Hold on to that mythical flying horse for a minute.
To be fair, CrowdStrike may have internally blended their own identity so much with the US government they do not realize those of us outside cringe when they blur the line between a CrowdStrike altar and our state. I think hiring many people away from the US government still does not excuse such casual use of “we” when speaking about intelligence from before the 2013 company launch.
Word use and definitions matter greatly to political scientists. I will dig in to explain why. Take a closer look at that reference to a mythological flying horse. CrowdStrike adds heavy emphasis where none is required. They want everyone to take note of what “we actually call” suspects without any sense of irony for propagandist methods.
Some of it may be just examples in insensitive or silly labeling for convenience, rather than outright propaganda designed to change minds. Here’s their “meet the adversaries” page.
Anyone else find it strange that the country of Tiger is an India? What is an India? Ok, seriously though, only Chollima gets defined? I have to look up what kind of animal an India is?

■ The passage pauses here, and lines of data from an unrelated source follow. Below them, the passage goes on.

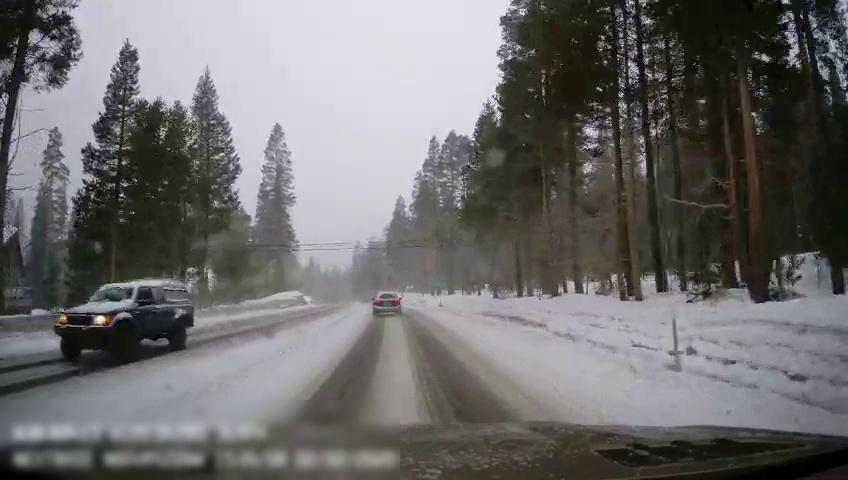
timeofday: Day
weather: Snowy
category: Drivable Space
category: Vehicles | SUV
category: Vehicles | SUV
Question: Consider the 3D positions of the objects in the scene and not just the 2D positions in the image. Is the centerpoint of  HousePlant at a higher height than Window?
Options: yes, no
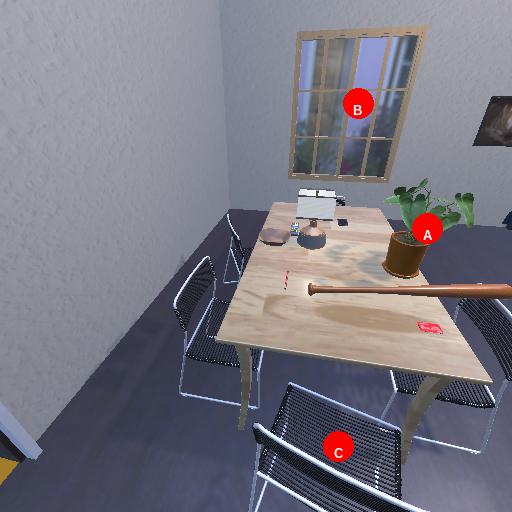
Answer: yes
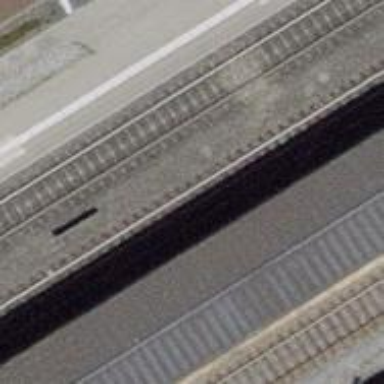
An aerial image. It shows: Single railway track with electrified contact line.
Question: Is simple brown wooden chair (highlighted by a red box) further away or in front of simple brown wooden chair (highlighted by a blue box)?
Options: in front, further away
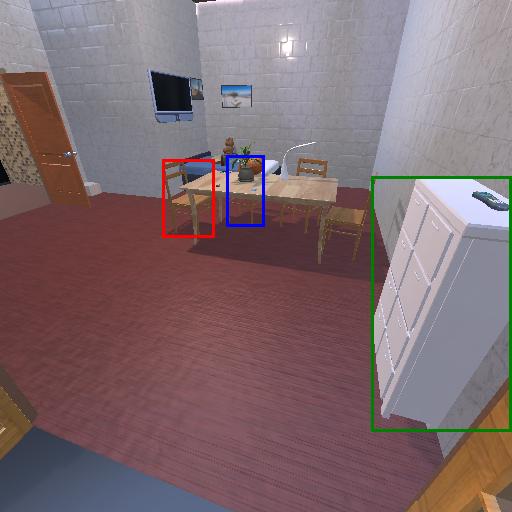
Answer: in front
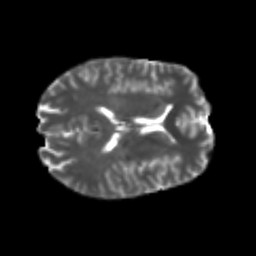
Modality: T2w
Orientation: axial
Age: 22
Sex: male
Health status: healthy
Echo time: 0.074 s
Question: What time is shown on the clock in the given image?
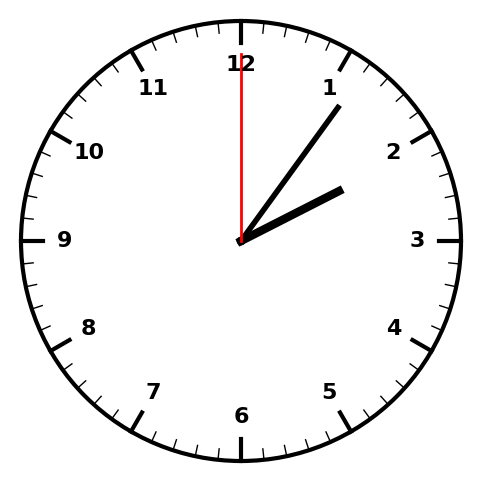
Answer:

Iran (Persia) being called a Kitten and India the Tiger is surely meant as some light-hearted back-slapping comedy to lighten up the mood in CrowdStrike offices. Long nights poring over forensic material, might as well start filing with pejorative names for foreign indicators because, duh, adversaries.
Political scientists say the words used to describe a suspect before a trial heavily influence everyone’s views. An election also has this effect. Pakistan has some very interesting long-term studies of voting results from ballots for the illiterate, where candidates are assigned an icon.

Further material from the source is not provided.